All of these possibilities could affect what Democrats in Congress decide to do about drug prices, a debate that has been faltering amid widespread differences of opinion within the Democratic caucus. The Senate budget deal for its sweeping $3.5 trillion in public investment changed that conversation by including drug price reform as a way to raise revenue offsetting the spending. As much as $600 billion in savings could be derived from using Medicare to negotiate drug prices.
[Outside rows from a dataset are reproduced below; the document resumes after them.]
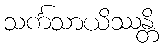
သင်္ကသာယိဿန္တိ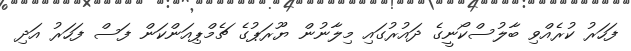
ފަހަރު ކުރެއްވި ބާލުސްކޯނީގެ ދައުރުގައި މިލާނުން ޔޫރަޕުގެ ޗެމްޕިއަންކަން ފަސް ފަހަރު އަދި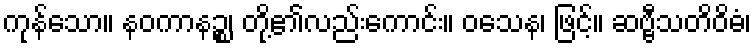
ကုန်သော။ နဝကာနဉ္စ၊ တို့၏လည်းကောင်း။ ဝသေန၊ ဖြင့်။ ဆဗ္ဗီသတိဝိဓံ၊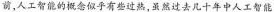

Sen. Ron Wyden (D-OR) is reportedly driving this process in the Senate. You would expect the ultimate outcome to get chipped away at in the sausage-making, with big-money pharmaceutical interests and their congressional allies objecting to the fiercest provisions. But the lingering executive order and a potentially far-reaching recommendation for action could provide a version of gunboat diplomacy. “If there’s a swing and a miss on the legislative side we can go to executive action,” Lawson explained. “It creates an incentive for the Senate to act. When they don’t do something, they don’t want somebody else to do something. Giving the pen to somebody else is not what they’re interested in.”
In this context, negotiating better prices through Medicare could be seen by lawmakers as a softer intervention than letting the executive branch literally seize the patents of drug companies and sell them off to competitors.
The winds on drug prices in the Democratic Party do appear to be shifting. In May, ten House Democrats raised objections to Medicare drug price negotiation, which passed the House last year. Three of the ten who signed that letter, however, have already reversed their position, including co-lead author Rep. Jake Auchincloss, a freshman from Massachusetts. And a letter from 15 swing-state Democrats last week urged passage of drug price reform, framing it as central to their re-election efforts.
“The truth is that there’s only one path to Democrats holding the House, and it’s through delivering lower drug prices to everybody,” Lawson said. “They’ve literally run on it for nine years.”